To create sparklines, I’ll use the library sparklines and numpy.

from sparklines import sparklines
import numpy as np

# function to create sparklines
def sparkline(x):
    bins=np.histogram(x)[0]
    sl = ''.join(sparklines(bins))
    return sl
sparkline.sparklines = 'sparkline'

# apply the function to modify the dataframe
data = (df
 .groupby('name')
 .agg({'quantity': ['mean', 'median', sparkline], 'ext_price': ['mean', 'median', 'sum', sparkline]})
 .head(10)
 )
data.columns.names=['','Stats']

# mapping for renaming
rename_mapping = {
    'quantity': 'Quantity',
    'ext_price': 'Price'
}

# renaming the levels
data.columns = data.columns.set_levels(
    [rename_mapping.get(item, item) for item in data.columns.levels[0]], level=0
)

data

	Quantity			Price
Stats	mean	median	sparkline	mean	median	sum	sparkline
name
Barton LLC	24.890244	28.0	▄▄▃▂▃▆▄█▁▄	1334.615845	1280.640015	109438.500000	█▄▃▆▄▄▁▁▁▁
Cronin, Oberbrunner and Spencer	24.970149	28.0	█▄▁▄▄▇▅▁▄▄	1339.321655	1123.500000	89734.546875	█▅▅▃▃▃▂▂▁▁
Frami, Hills and Schmidt	26.430556	28.0	▄▄▁▂▇█▂▂▅▅	1438.466553	1509.689941	103569.593750	█▅▄▇▅▃▄▁▁▁
Fritsch, Russel and Anderson	26.074074	27.0	▁▄▇▃▂▂█▃▄▄	1385.366821	1050.119995	112214.710938	▇█▃▄▂▂▁▂▁▁
Halvorson, Crona and Champlin	22.137931	19.5	▇▆▆▇█▁▄▂▄▃	1206.971680	925.434998	70004.359375	██▆▅▁▃▂▂▂▂
Herman LLC	24.806452	25.0	▄▃▅▁▆▄▂▆▃█	1336.532227	1095.489990	82865.000000	█▅▇▄▅▄▁▃▂▂
Jerde-Hilpert	22.460674	23.0	▄▄█▁▂▅▃▂▄▃	1265.072266	906.359985	112591.429688	█▄▅▂▁▂▃▂▂▁
Kassulke, Ondricka and Metz	25.734375	27.5	▂▂▁▁▂▂▁▅▄█	1350.797974	951.164978	86451.070312	█▆▆▄▄▃▂▁▁▂
Keeling LLC	24.405405	24.5	▁▄▇▃▅█▃▄▃▆	1363.976929	979.824951	100934.296875	▅█▆▃▄▂▂▁▁▁
Kiehn-Spinka	22.227848	21.0	▃▂█▂▃▅▄▁▄▁	1260.870605	894.960022	99608.773438	█▇▄▃▃▂▁▂▁▁

You’ll notice that the table above is multi-column i.e., there are two levels of columns.
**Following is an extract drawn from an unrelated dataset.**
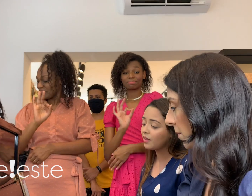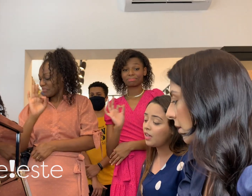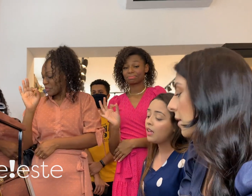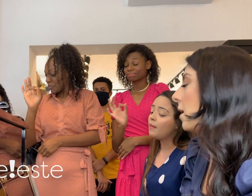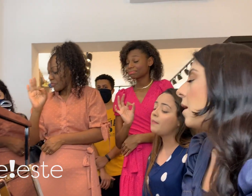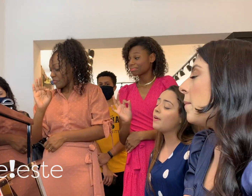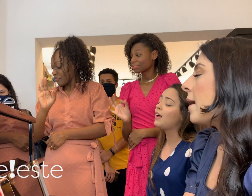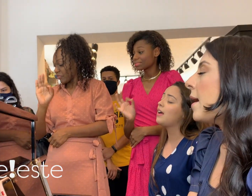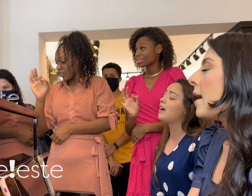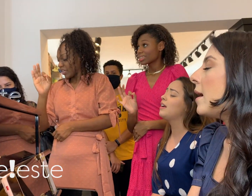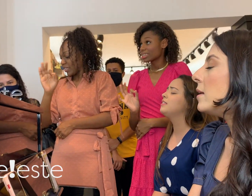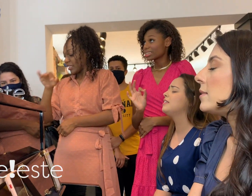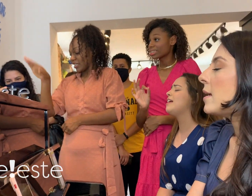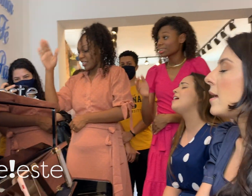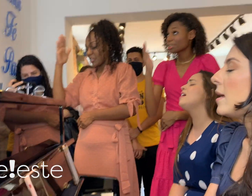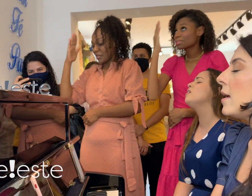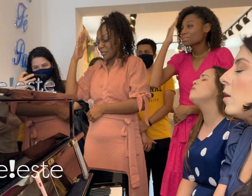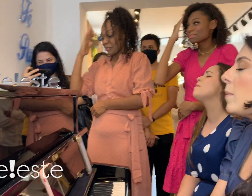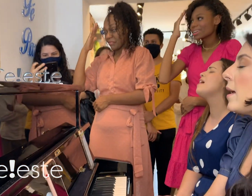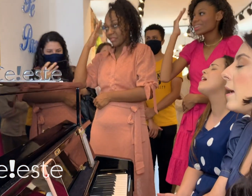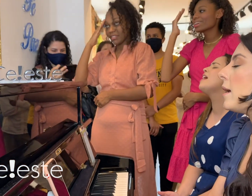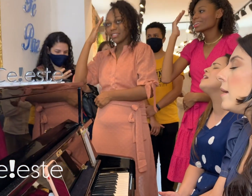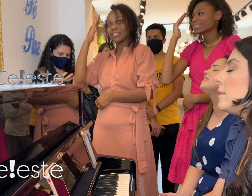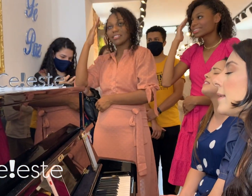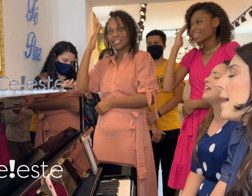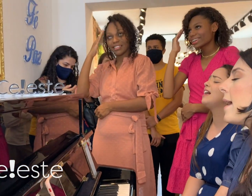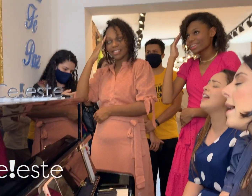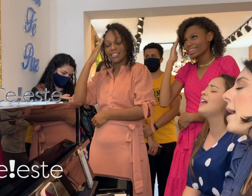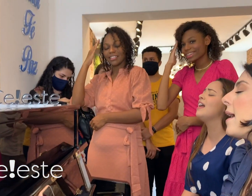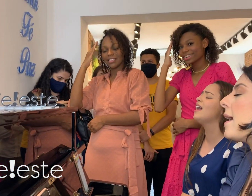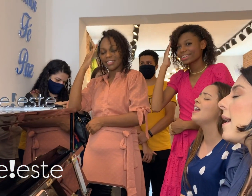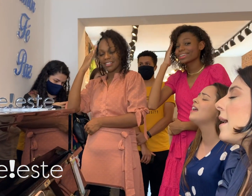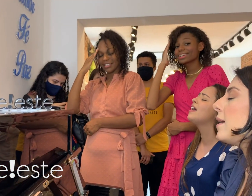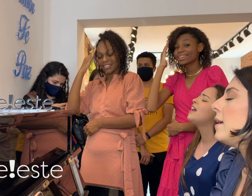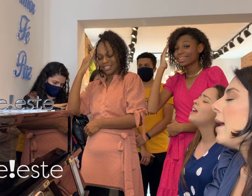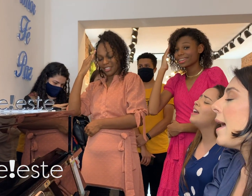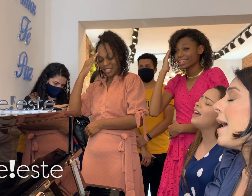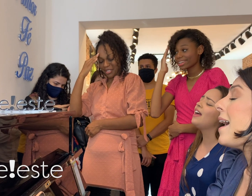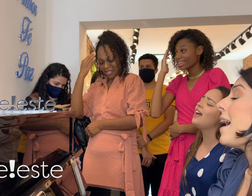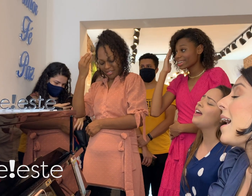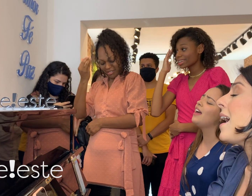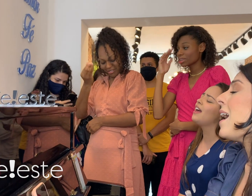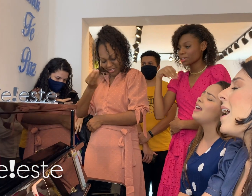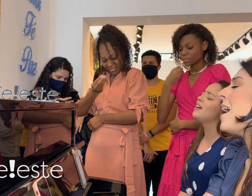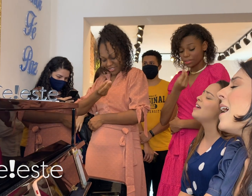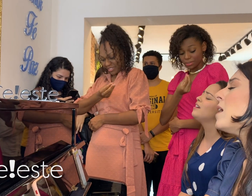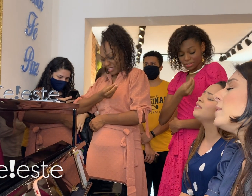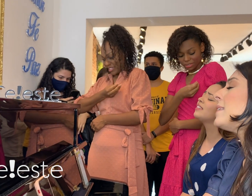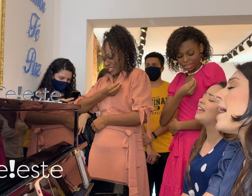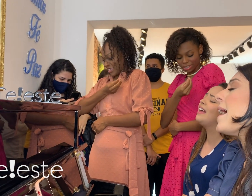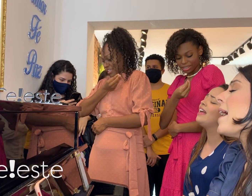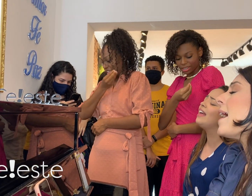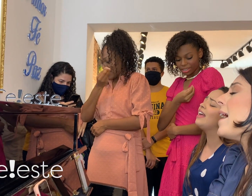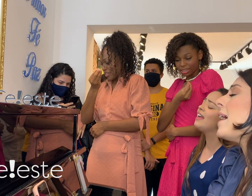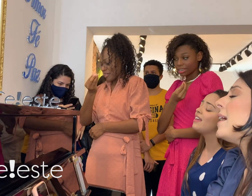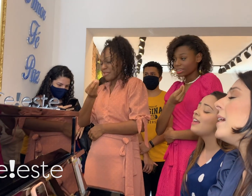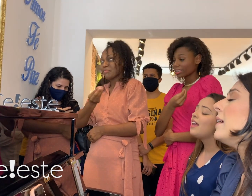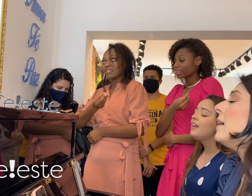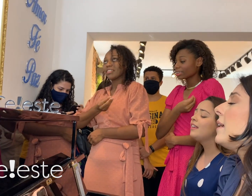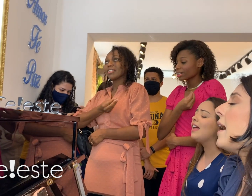Mas eu bem sei, eu sei Que

I’ll add sparklines to the second level of columns. These will be under both quantity and price. I’ll also rename the top columns as Quantity and Price . Then I’ll add a label Stats to show what the second level of columns mean.

Let’s add some HTML and CSS styling to make our table more stunning. I’ll format all the numbers to 2 decimal places. The background color for the header will be purple and I’ll increase the font size for the names of the top columns.

# set the HTML and CSS styles
cell_hover = {  # for row hover use <tr> instead of <td>
    'selector': 'td:hover',
    'props': [('background-color', '#ffffb3')]
}
index_names = {
    'selector': '.index_name',
    'props': 'font-style: italic; color: darkgrey; font-weight:normal;'
}
headers = {
    'selector': 'th:not(.index_name)',
    'props': 'background-color: #813d9c; color: white;'
}

# apply the HTML and CSS styling
(data
 .style
 .format({('Quantity', 'mean'): "{:.2f}",
          ('Quantity', 'median'): "{:.2f}",
          ('Price', 'mean'): "{:.2f}",
          ('Price', 'median'): "{:.2f}",
          ('Price', 'sum'): "{:.2f}"})
 .set_table_styles([cell_hover, index_names, headers])
 .set_table_styles([{'selector': 'th.col_heading', 'props': 'text-align: center;'},
                    {'selector': 'th.col_heading.level0', 'props': 'font-size: 2em;'},
                    {'selector': 'td', 'props': 'text-align: center; font-weight: bold;'}], overwrite=False)
 )

	Quantity			Price
Stats	mean	median	sparkline	mean	median	sum	sparkline
name
Barton LLC	24.89	28.00	▄▄▃▂▃▆▄█▁▄	1334.62	1280.64	109438.50	█▄▃▆▄▄▁▁▁▁
Cronin, Oberbrunner and Spencer	24.97	28.00	█▄▁▄▄▇▅▁▄▄	1339.32	1123.50	89734.55	█▅▅▃▃▃▂▂▁▁
Frami, Hills and Schmidt	26.43	28.00	▄▄▁▂▇█▂▂▅▅	1438.47	1509.69	103569.59	█▅▄▇▅▃▄▁▁▁
Fritsch, Russel and Anderson	26.07	27.00	▁▄▇▃▂▂█▃▄▄	1385.37	1050.12	112214.71	▇█▃▄▂▂▁▂▁▁
Halvorson, Crona and Champlin	22.14	19.50	▇▆▆▇█▁▄▂▄▃	1206.97	925.43	70004.36	██▆▅▁▃▂▂▂▂
Herman LLC	24.81	25.00	▄▃▅▁▆▄▂▆▃█	1336.53	1095.49	82865.00	█▅▇▄▅▄▁▃▂▂
Jerde-Hilpert	22.46	23.00	▄▄█▁▂▅▃▂▄▃	1265.07	906.36	112591.43	█▄▅▂▁▂▃▂▂▁
Kassulke, Ondricka and Metz	25.73	27.50	▂▂▁▁▂▂▁▅▄█	1350.80	951.16	86451.07	█▆▆▄▄▃▂▁▁▂
Keeling LLC	24.41	24.50	▁▄▇▃▅█▃▄▃▆	1363.98	979.82	100934.30	▅█▆▃▄▂▂▁▁▁
Kiehn-Spinka	22.23	21.00	▃▂█▂▃▅▄▁▄▁	1260.87	894.96	99608.77	█▇▄▃▃▂▁▂▁▁

This is the type of table you would want to display on your website. What’s more, it has cell highlighting when you hover over a cell.

Styling this final table required a lot of work, but I’m sure you’ll agree that it’s nothing short of beautiful. You almost can’t stop looking at it.